ACF and PACF plots after differencing
# ACF and PACF plots after differencing
acf(DifftsOzone, ci.type='ma', main="ACF plot of Ozone Layer thickness after differencing")
pacf(DifftsOzone,main="")
title(main="PACF plot of Ozone Layer thickness after differencing")
Significant values lags at 3,7,10 are shown by ACF Plot, while lags at 3,4,6 are shown by PACF plow.
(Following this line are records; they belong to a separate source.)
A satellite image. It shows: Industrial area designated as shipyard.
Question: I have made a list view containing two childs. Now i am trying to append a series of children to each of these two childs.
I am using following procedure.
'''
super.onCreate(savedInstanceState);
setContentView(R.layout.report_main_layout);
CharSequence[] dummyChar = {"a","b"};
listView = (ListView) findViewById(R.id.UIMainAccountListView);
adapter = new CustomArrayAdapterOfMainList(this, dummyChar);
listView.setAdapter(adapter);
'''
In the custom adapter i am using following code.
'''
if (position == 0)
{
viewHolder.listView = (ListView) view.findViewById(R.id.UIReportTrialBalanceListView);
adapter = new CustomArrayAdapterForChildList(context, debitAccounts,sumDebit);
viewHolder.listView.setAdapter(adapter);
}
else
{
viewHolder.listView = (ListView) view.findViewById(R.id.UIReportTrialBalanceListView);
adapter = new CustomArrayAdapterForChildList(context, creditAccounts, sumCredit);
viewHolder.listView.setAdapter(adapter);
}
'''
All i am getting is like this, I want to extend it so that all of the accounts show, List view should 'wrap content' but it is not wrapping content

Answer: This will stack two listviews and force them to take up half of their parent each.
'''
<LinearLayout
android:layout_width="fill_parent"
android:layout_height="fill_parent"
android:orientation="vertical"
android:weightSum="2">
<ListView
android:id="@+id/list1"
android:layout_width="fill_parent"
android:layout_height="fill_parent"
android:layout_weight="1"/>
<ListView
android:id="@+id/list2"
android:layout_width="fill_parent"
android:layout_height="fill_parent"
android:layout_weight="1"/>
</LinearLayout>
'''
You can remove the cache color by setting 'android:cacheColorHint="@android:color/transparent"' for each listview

The order of difference i.e d=1, because the data becomes stationary after first differencing only.
Through above visualizations we can identify the potential ARIMA models as : ARIMA(3,1,3),ARIMA(3,1,2),ARIMA(3,1,1) ARIMA(2,1,3),ARIMA(2,1,2),ARIMA(2,1,1) ARIMA(1,1,3),ARIMA(1,1,2),ARIMA(1,1,1) ARI(3,1) IMA(1,3)
Extended Autocorrelation Function (EACF)
# EACF
eacf(DifftsOzone, ar.max = 7, ma.max = 11)
AR/MA
0 1 2 3 4 5 6 7 8 9 10 11
0 o o x o o o x o o x o o
1 x o x o o o o o o x o o
2 x o x o o o x o o x o o
3 x o x o o x o o o o o o
4 x o o x o x o o o o o o
5 x x x x o x o o o o o o
6 o o o x x o o o o o o o
7 o o o x o o o o o o o o
The above EACF model shows that topleft vertex is p=0 and q=3. Therefore, the potential models are MA(3), MA(4), ARMA(1,3), ARMA(1,4), ARIMA(1,1,3), ARIMA(1,1,4)
BIC Table
# BIC Table
resbic = armasubsets(y=DifftsOzone,nar=5,nma=5,y.name='ar',ar.method='ols')
plot(resbic)
title(main = 'BIC table of Ozone Layer Dataset', line= 5)
From the BIC table, the potential model is ARIMA(3,1,2)
From the above visualization we can say that the ozone layer dataset doesn’t require transformation because it was stationary after the first differencing only.After careful observation of all models, The ARIMA models for the ozone layer data can be seen as:
ARIMA(3,1,3),ARIMA(3,1,2),ARIMA(3,1,1) ARIMA(2,1,3),ARIMA(2,1,2),ARIMA(2,1,1) ARIMA(1,1,3),ARIMA(1,1,2),ARIMA(1,1,1)
The other possible models are ARI(3,1), IMA(1,3), MA(3), MA(4), ARMA(1,3), ARMA(1,4).